> **WHAT YOU SHOULD DO**
Could you repeat every entry below word for word, leaving out the pictures?

> **EXERCISE DATA**
● ● ● ●

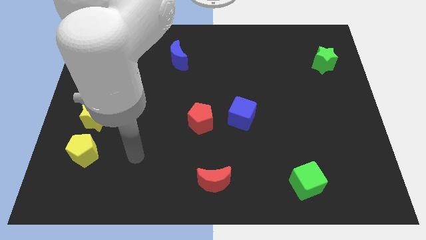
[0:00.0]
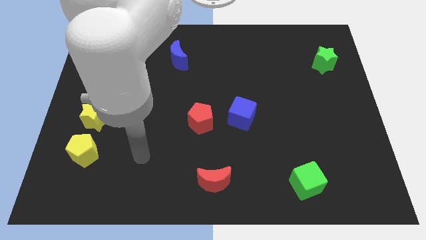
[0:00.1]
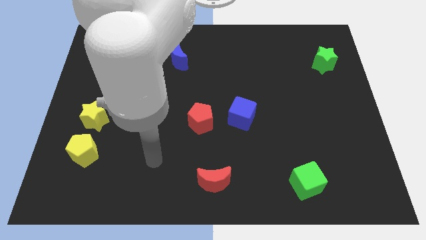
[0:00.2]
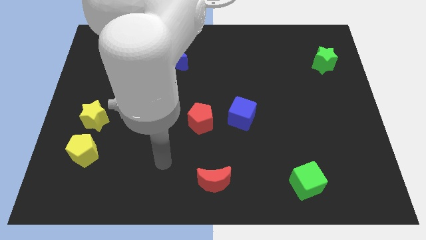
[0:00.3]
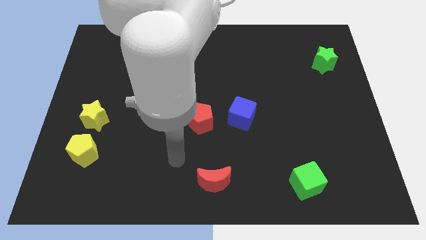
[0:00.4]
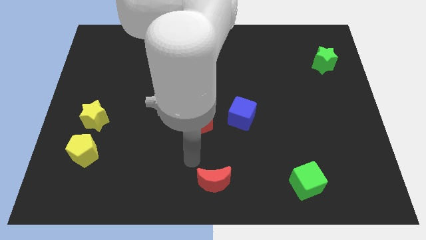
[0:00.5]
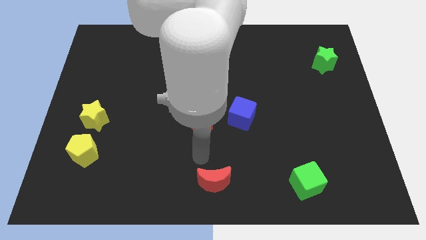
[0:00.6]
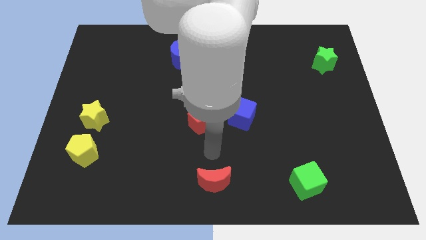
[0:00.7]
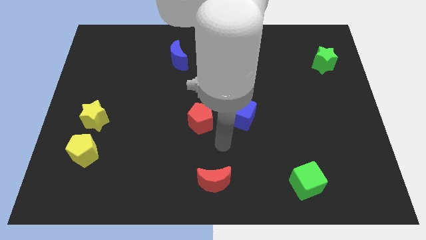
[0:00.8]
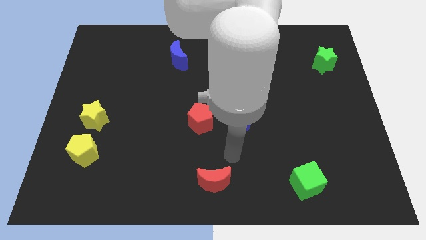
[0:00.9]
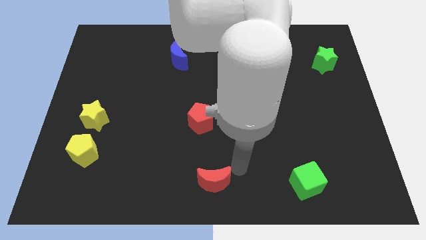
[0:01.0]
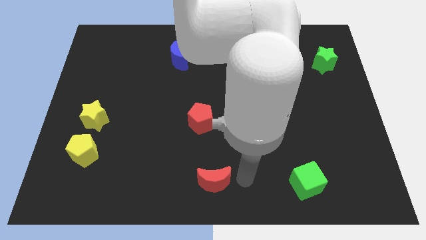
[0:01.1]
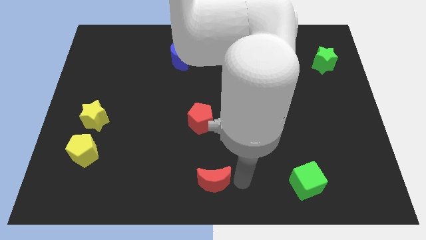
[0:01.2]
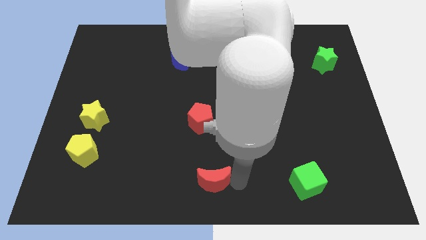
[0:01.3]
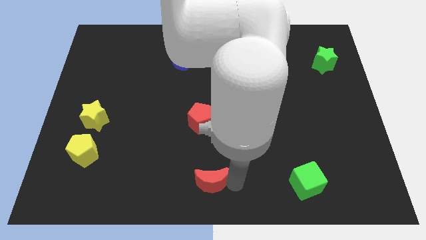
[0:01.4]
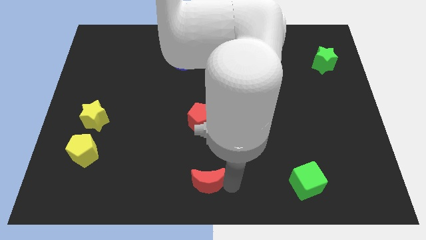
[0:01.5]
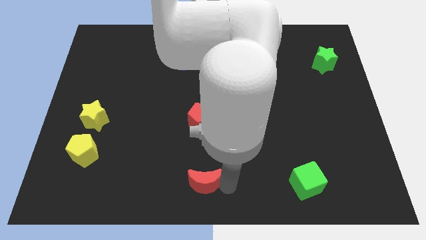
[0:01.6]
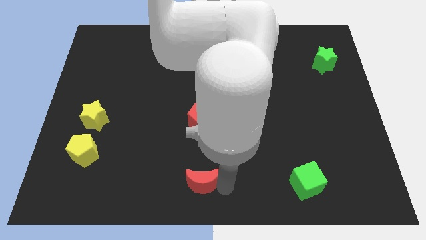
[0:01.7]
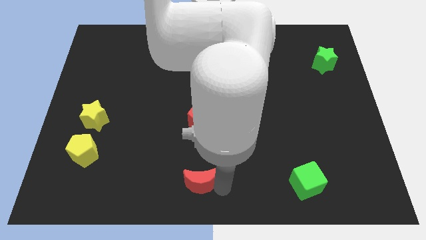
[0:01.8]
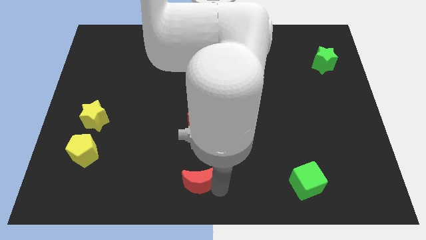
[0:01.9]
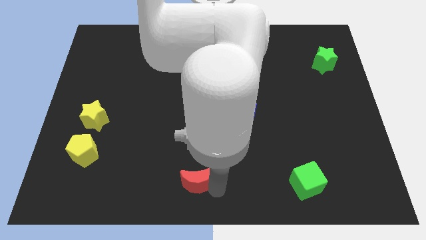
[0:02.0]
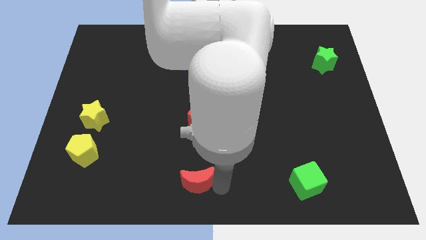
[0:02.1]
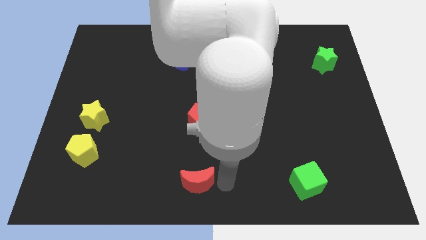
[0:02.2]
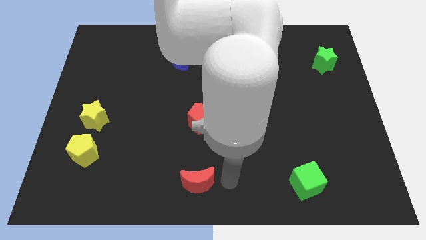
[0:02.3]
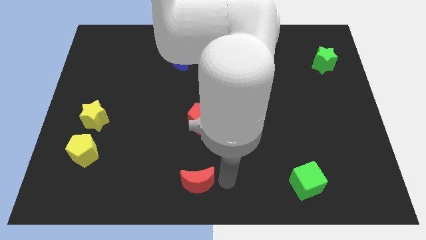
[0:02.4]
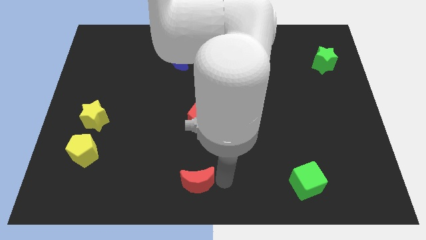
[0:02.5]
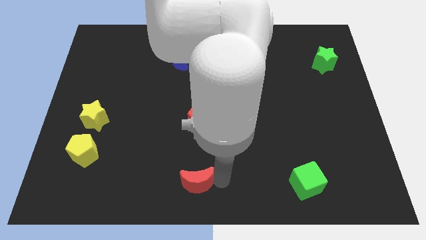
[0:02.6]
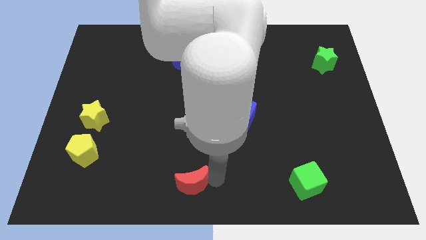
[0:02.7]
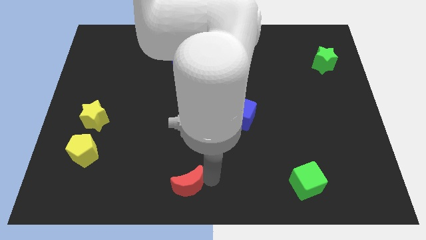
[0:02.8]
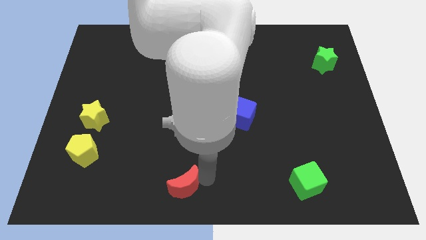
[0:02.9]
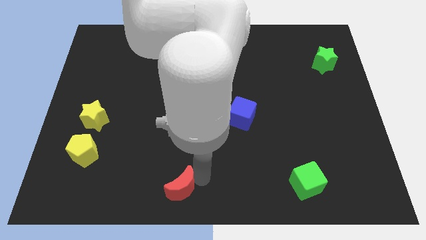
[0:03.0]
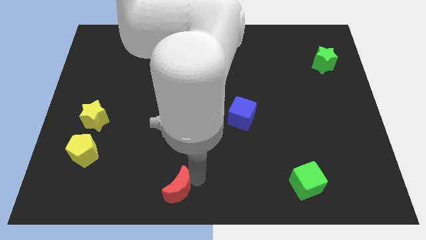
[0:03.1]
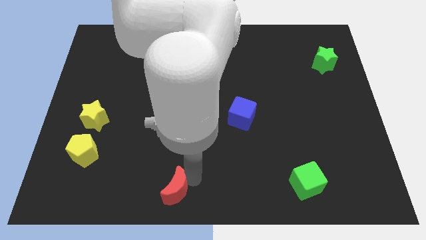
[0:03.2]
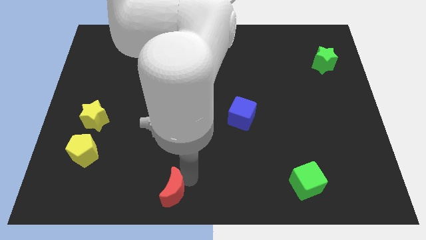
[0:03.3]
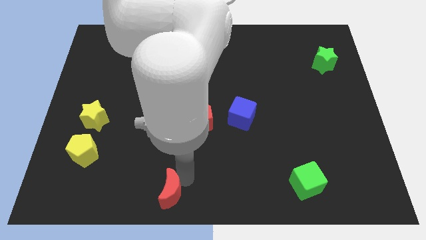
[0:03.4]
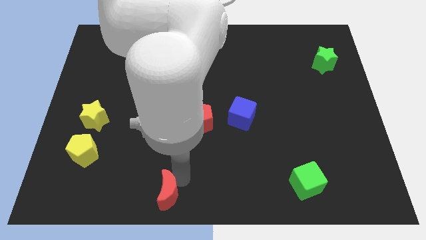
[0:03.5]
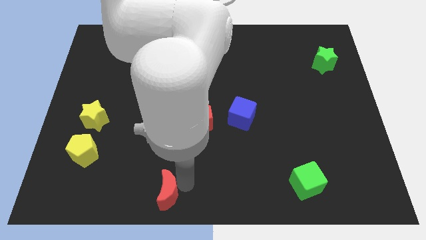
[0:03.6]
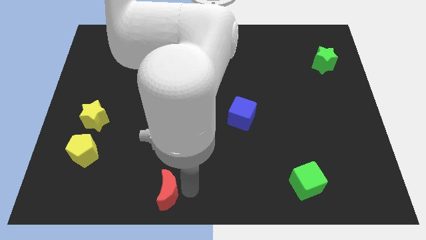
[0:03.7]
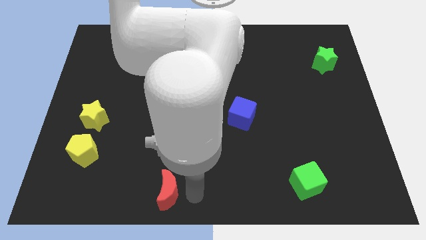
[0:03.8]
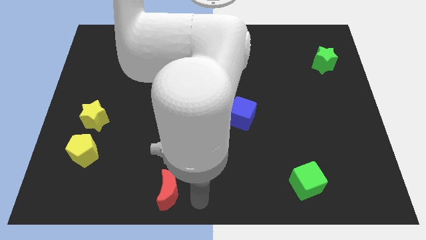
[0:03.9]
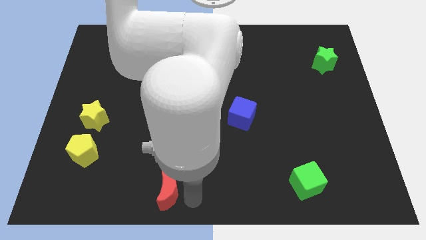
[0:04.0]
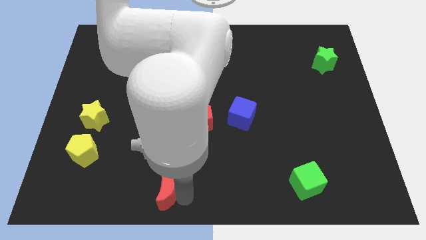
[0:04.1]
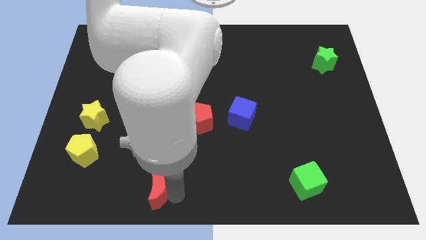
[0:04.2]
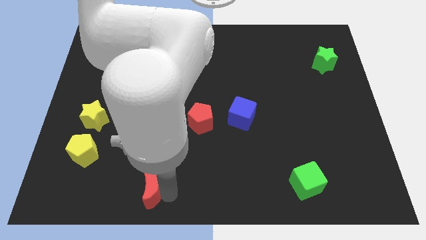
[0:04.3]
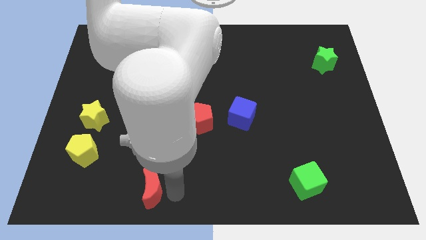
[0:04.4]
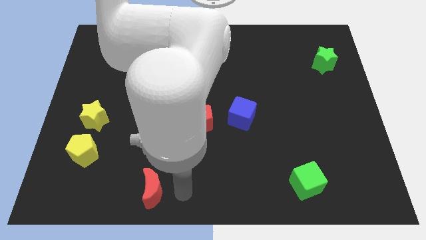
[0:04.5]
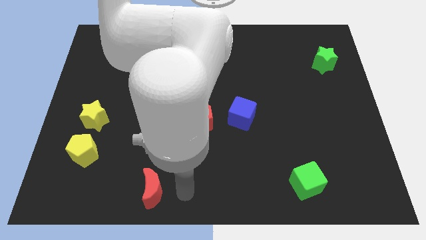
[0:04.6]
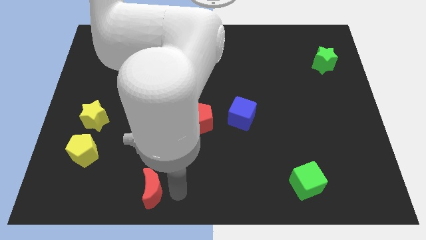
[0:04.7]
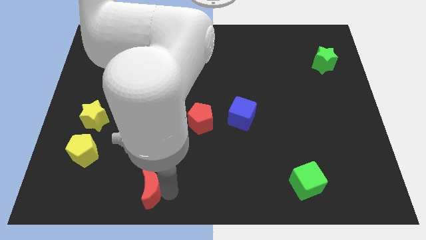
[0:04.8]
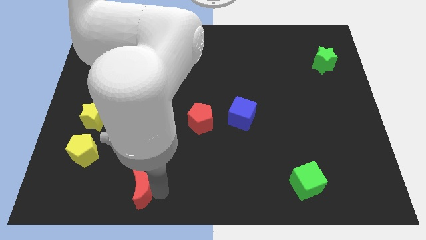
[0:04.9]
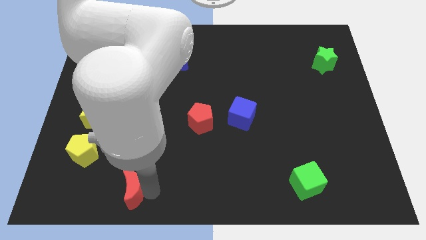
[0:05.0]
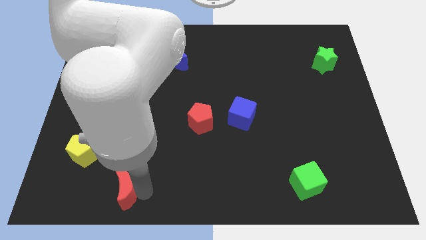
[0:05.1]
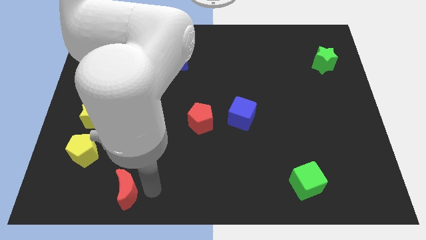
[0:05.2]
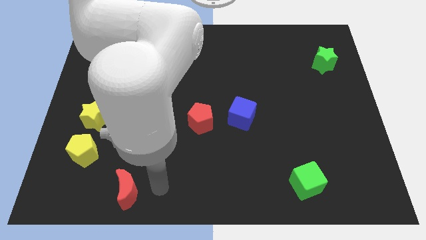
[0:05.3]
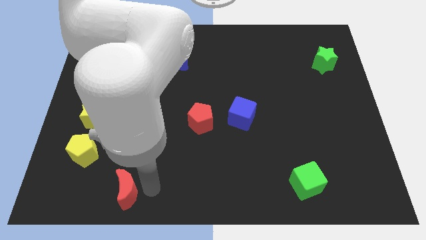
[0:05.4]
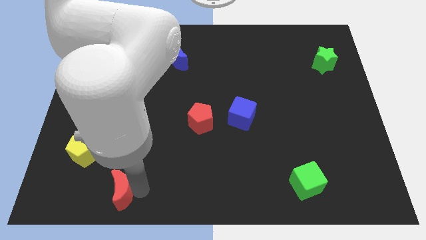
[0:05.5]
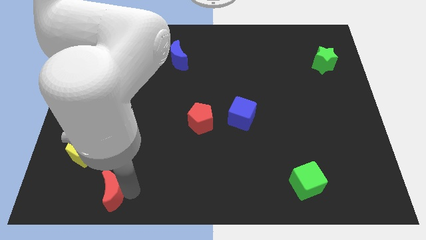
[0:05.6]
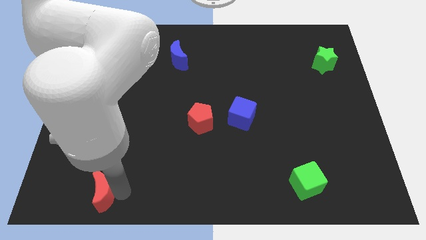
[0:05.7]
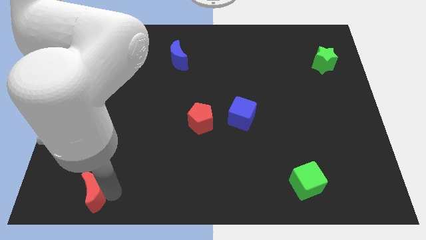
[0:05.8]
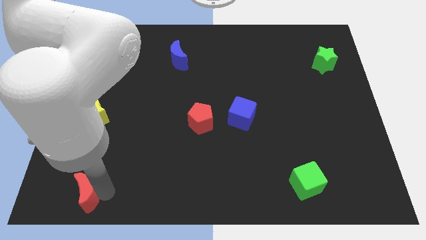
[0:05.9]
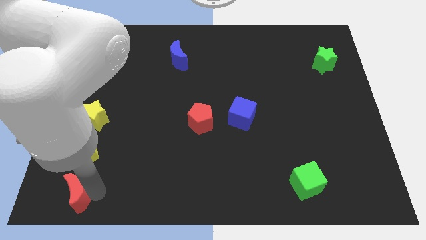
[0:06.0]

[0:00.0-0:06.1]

● ● ● ●

> **YOUR SOLUTION**
[0:00.0]
[0:00.1]
[0:00.2]
[0:00.3]
[0:00.4]
[0:00.5]
[0:00.6]
[0:00.7]
[0:00.8]
[0:00.9]
[0:01.0]
[0:01.1]
[0:01.2]
[0:01.3]
[0:01.4]
[0:01.5]
[0:01.6]
[0:01.7]
[0:01.8]
[0:01.9]
[0:02.0]
[0:02.1]
[0:02.2]
[0:02.3]
[0:02.4]
[0:02.5]
[0:02.6]
[0:02.7]
[0:02.8]
[0:02.9]
[0:03.0]
[0:03.1]
[0:03.2]
[0:03.3]
[0:03.4]
[0:03.5]
[0:03.6]
[0:03.7]
[0:03.8]
[0:03.9]
[0:04.0]
[0:04.1]
[0:04.2]
[0:04.3]
[0:04.4]
[0:04.5]
[0:04.6]
[0:04.7]
[0:04.8]
[0:04.9]
[0:05.0]
[0:05.1]
[0:05.2]
[0:05.3]
[0:05.4]
[0:05.5]
[0:05.6]
[0:05.7]
[0:05.8]
[0:05.9]
[0:06.0]

[0:00.0-0:06.1]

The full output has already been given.